# Hilfe - wo sind die Mathematiker



## ssound1de (4 August 2010)

Hi Leute,

hab das mal in diese Rubrik gepackt, obwohl es nicht speziell um Software geht - vielmehr um eine Berechnung (in VB6).

Ich muss die Füllung eines Tanks (in Tonnen) abhängig vom Füllstand berechnen. Es handelt sich dabei um einen leicht schräg liegenden Zylinder, der an den beiden Stirnseiten auch noch 'Bäuche' hat.
Der Füllstandssensor befindet sich am tiefen Ende des Tanks (siehe Bild).

Bisher habe ich einen (geschätzten) Mittelwert für die Tanklänge genommen, um die 'Bäuche' etwas mit einzubeziehen. Das ganze ist aber logischerweiße relativ ungenau. Auch die Schräglage hab ich bisher nicht berücksichtigt.
Das einfachste wäre natürlich Wiegen, aber das ist zur Zeit leider nicht drin (sagt der Chef).

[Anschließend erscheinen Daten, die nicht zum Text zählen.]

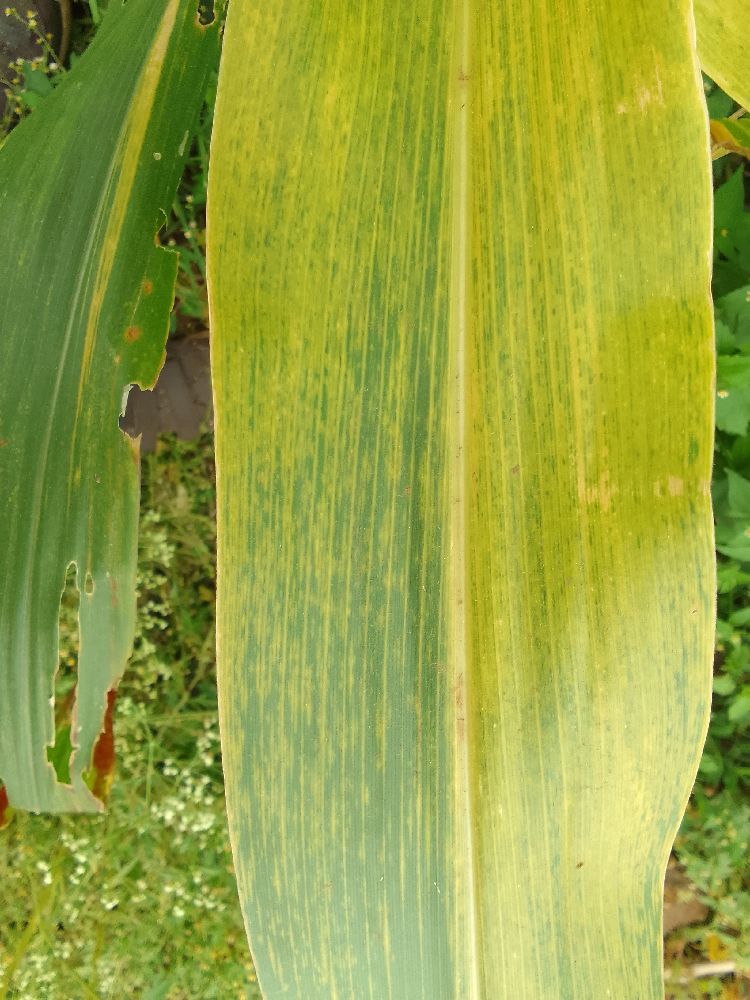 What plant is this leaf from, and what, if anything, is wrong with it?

maize, maize lethal necrosis
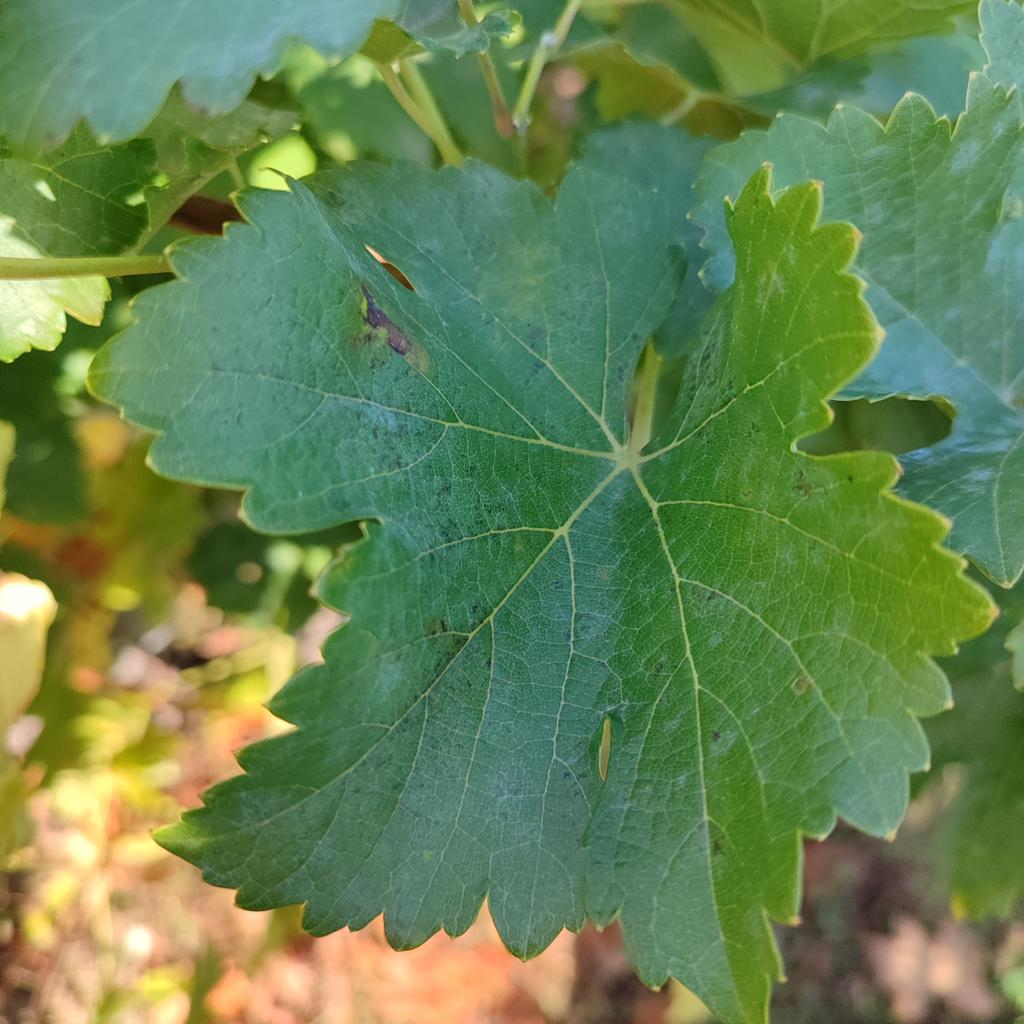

Hat jemand eine Idee (Formel), wie man das mit den 'Bäuchen' und der Schräglage des Tanks rechnerisch in den Griff bekommen könnte?

Danke für Eure Zeit und Hilfe.
Gruß


----------



## MariusW (4 August 2010)

Wie kommt denn das Medium in den Tank? Was kommt in den Tank?
Wie wird es entnommen? Wie genau soll deine Messung/ Berechnung sein?


----------



## Rainer Hönle (4 August 2010)

In welchen Bereichen liegt denn der Füllstand? Von ganz voll bis ganz leer oder schwankt er immer in entsprechenden Grenzen?


----------



## ssound1de (4 August 2010)

Hi,

Tankmaße ...
Länge ca. 4m (grobes Schätzmaß wegen Bäuchen)
Durchmesser 2,50m
Der Tank fasst laut Hersteller 20m3 - sind ca. 30t Material.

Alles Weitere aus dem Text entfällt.